#### Available records:
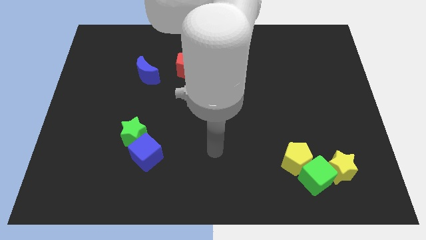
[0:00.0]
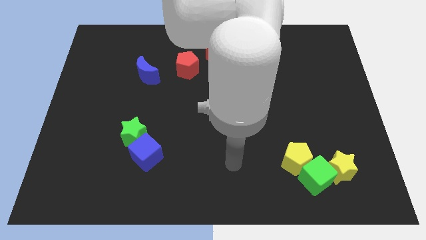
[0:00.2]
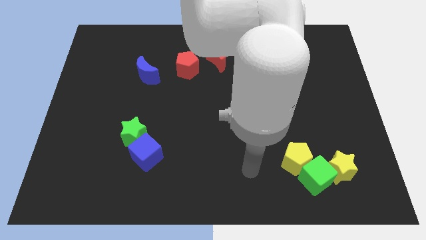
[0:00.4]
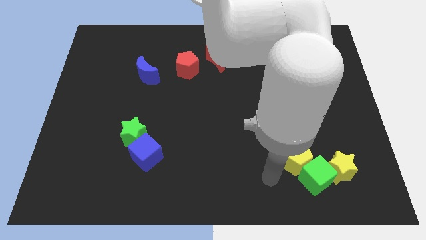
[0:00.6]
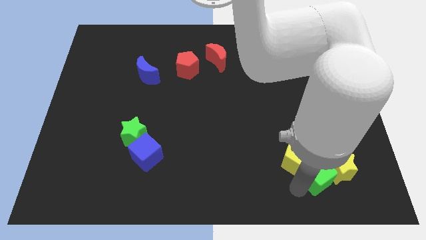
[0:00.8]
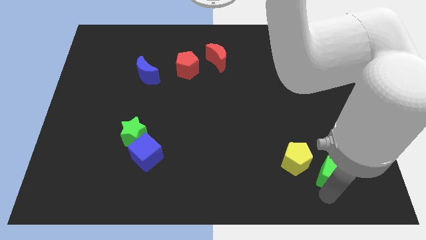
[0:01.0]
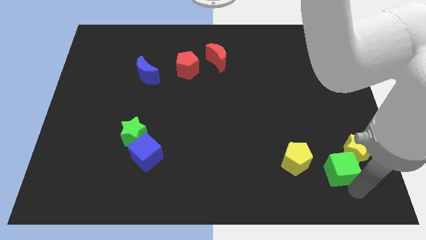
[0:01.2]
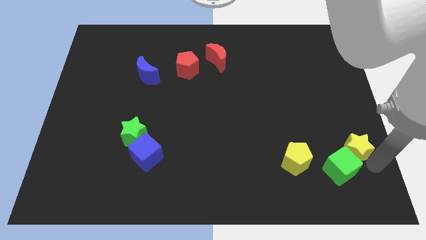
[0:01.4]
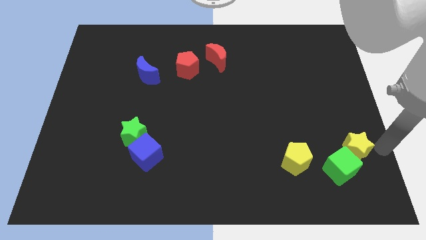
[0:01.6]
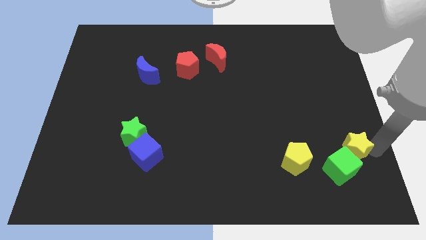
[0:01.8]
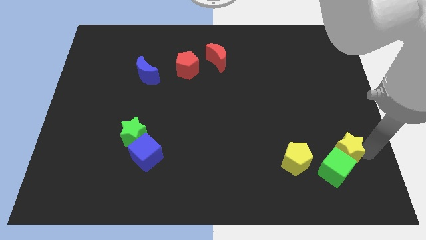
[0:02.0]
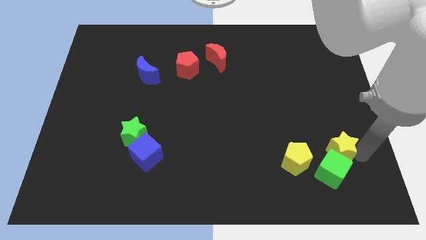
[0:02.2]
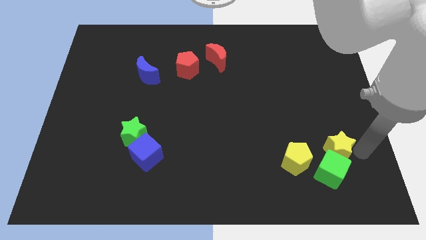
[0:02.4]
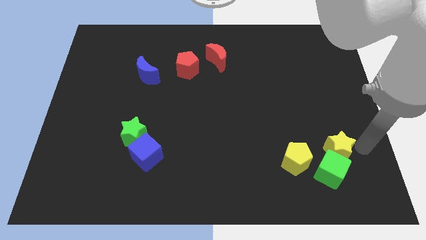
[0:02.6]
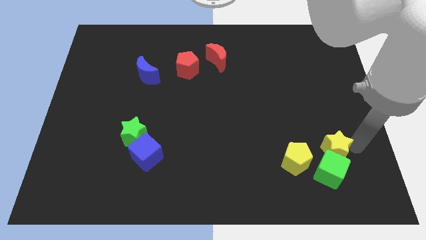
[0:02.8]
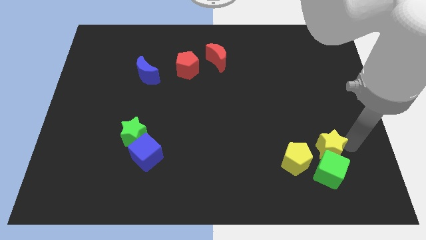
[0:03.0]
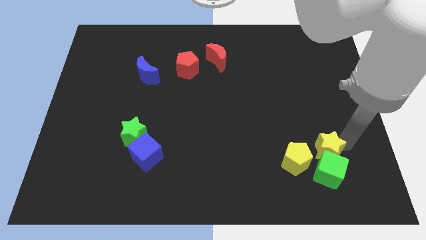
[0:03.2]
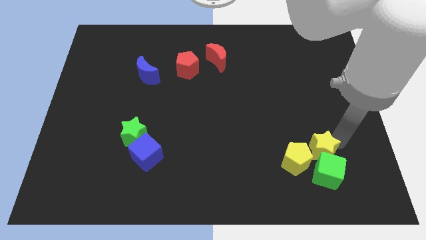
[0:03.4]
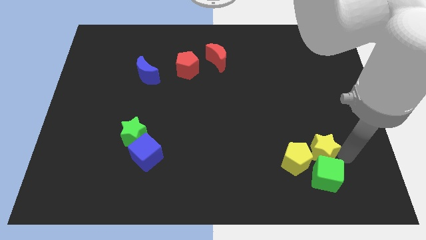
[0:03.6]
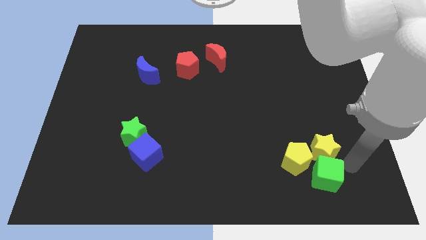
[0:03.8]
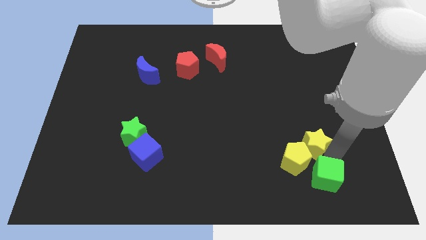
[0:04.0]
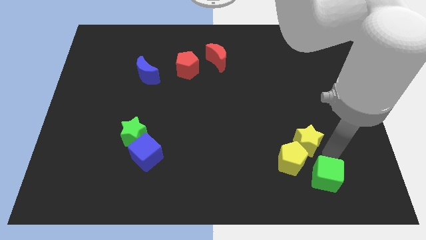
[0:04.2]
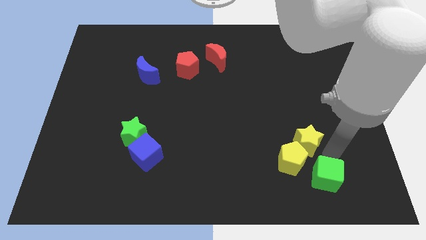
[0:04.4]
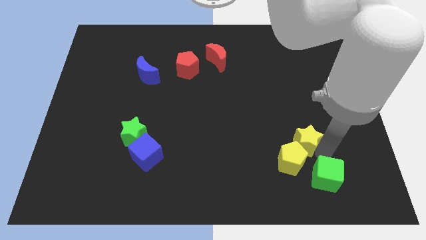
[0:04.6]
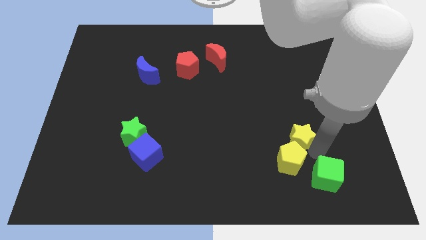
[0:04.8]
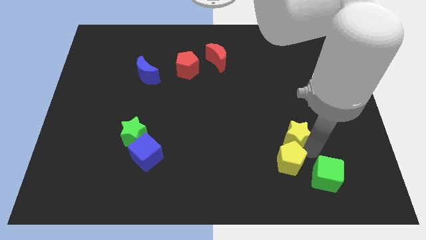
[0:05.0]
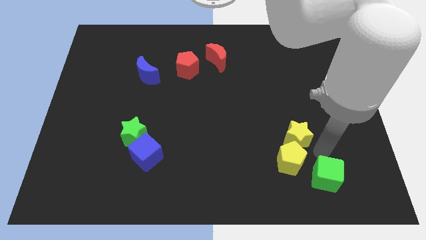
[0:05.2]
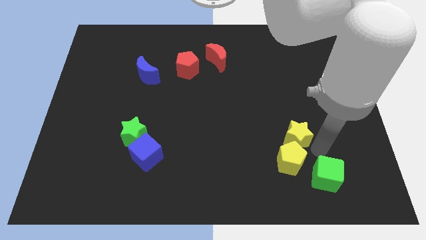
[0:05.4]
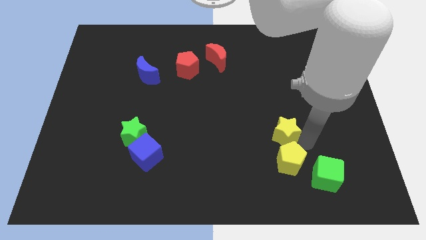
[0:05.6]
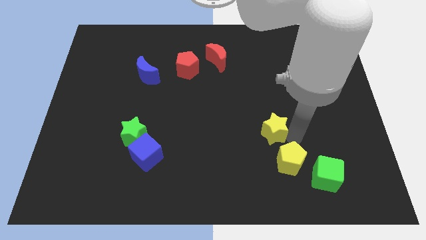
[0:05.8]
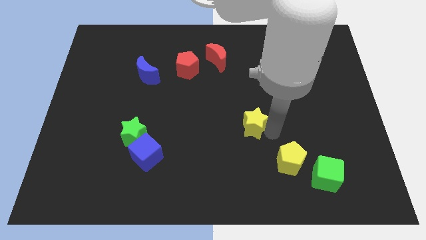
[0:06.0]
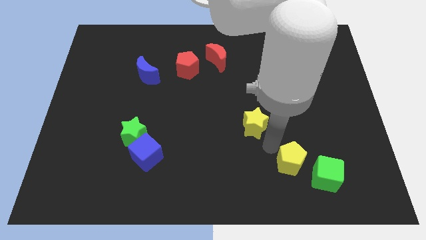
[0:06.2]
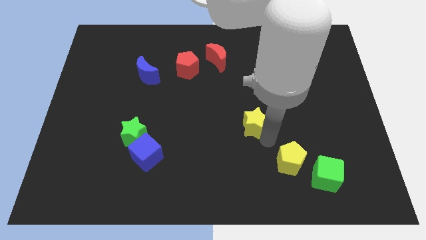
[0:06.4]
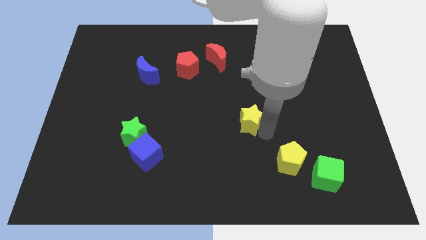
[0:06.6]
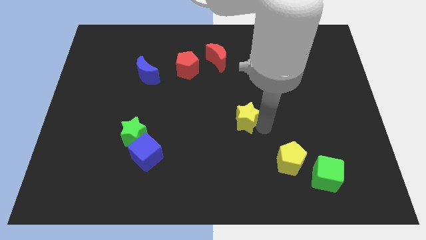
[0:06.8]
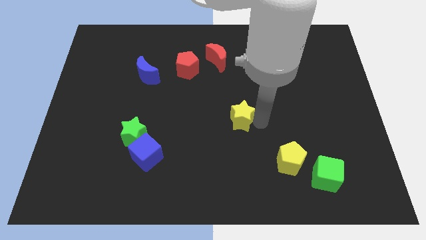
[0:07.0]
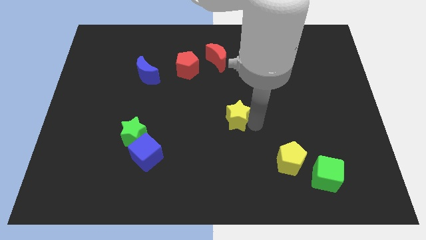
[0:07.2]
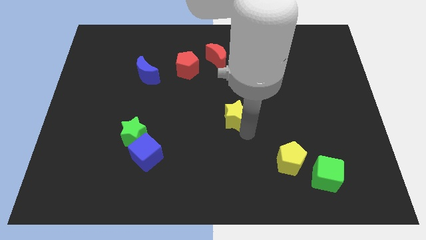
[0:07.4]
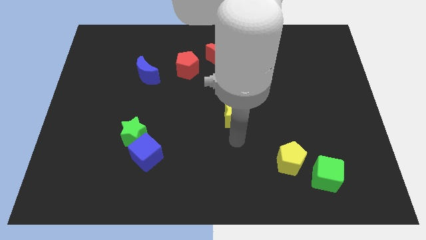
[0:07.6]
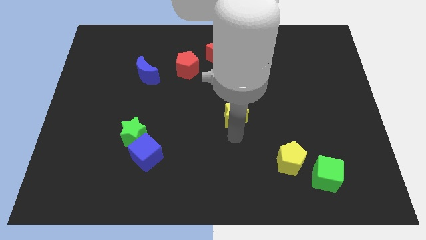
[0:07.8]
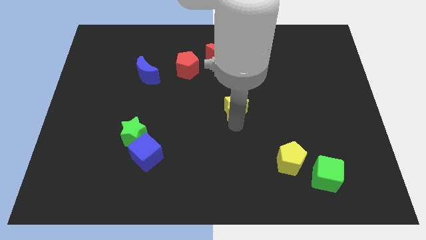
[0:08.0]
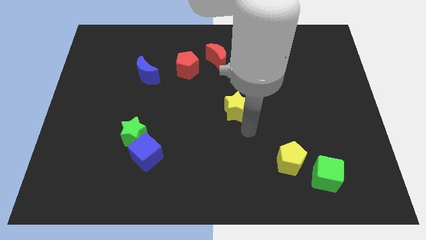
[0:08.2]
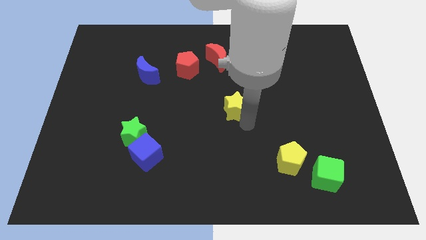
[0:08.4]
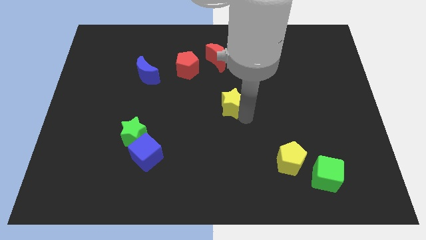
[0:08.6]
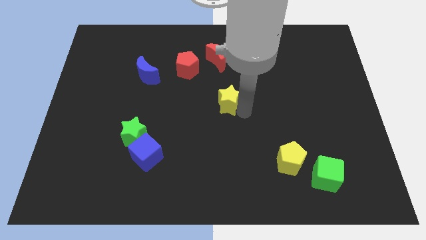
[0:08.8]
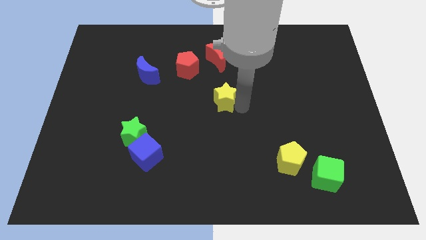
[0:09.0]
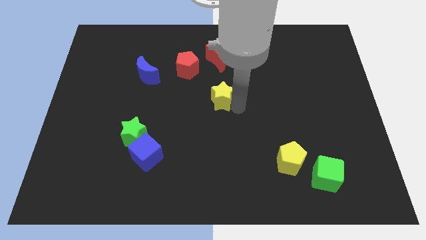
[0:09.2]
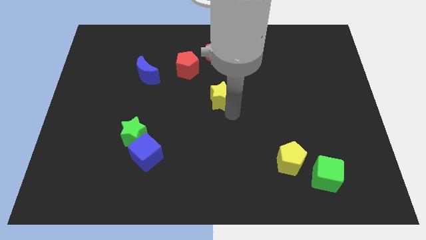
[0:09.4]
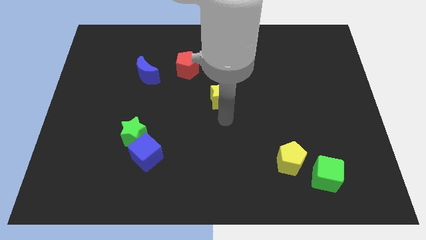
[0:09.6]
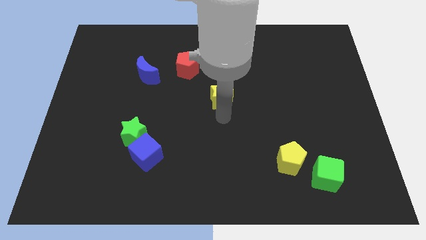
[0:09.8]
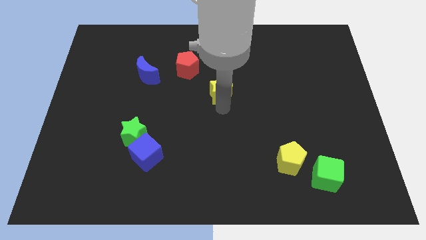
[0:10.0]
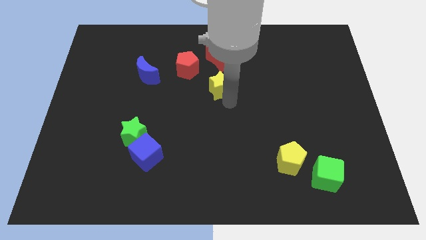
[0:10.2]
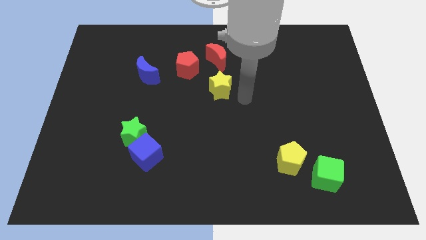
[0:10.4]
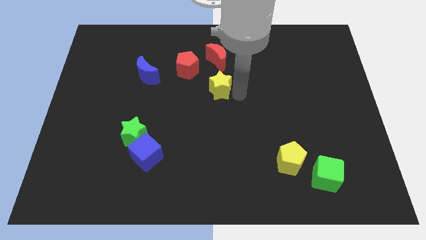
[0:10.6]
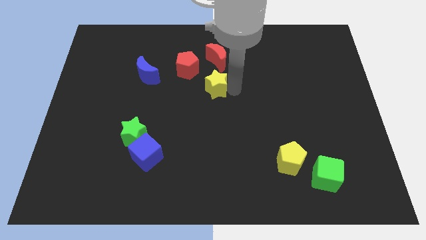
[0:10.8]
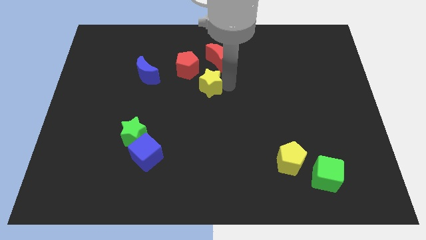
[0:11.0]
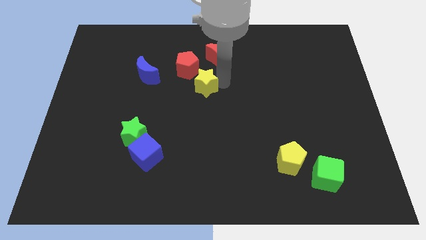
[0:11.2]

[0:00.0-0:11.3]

#### Assigned task:
Quote all the records verbatim, dropping any pictures from your copy.

#### Task result:
[0:00.0]
[0:00.2]
[0:00.4]
[0:00.6]
[0:00.8]
[0:01.0]
[0:01.2]
[0:01.4]
[0:01.6]
[0:01.8]
[0:02.0]
[0:02.2]
[0:02.4]
[0:02.6]
[0:02.8]
[0:03.0]
[0:03.2]
[0:03.4]
[0:03.6]
[0:03.8]
[0:04.0]
[0:04.2]
[0:04.4]
[0:04.6]
[0:04.8]
[0:05.0]
[0:05.2]
[0:05.4]
[0:05.6]
[0:05.8]
[0:06.0]
[0:06.2]
[0:06.4]
[0:06.6]
[0:06.8]
[0:07.0]
[0:07.2]
[0:07.4]
[0:07.6]
[0:07.8]
[0:08.0]
[0:08.2]
[0:08.4]
[0:08.6]
[0:08.8]
[0:09.0]
[0:09.2]
[0:09.4]
[0:09.6]
[0:09.8]
[0:10.0]
[0:10.2]
[0:10.4]
[0:10.6]
[0:10.8]
[0:11.0]
[0:11.2]

[0:00.0-0:11.3]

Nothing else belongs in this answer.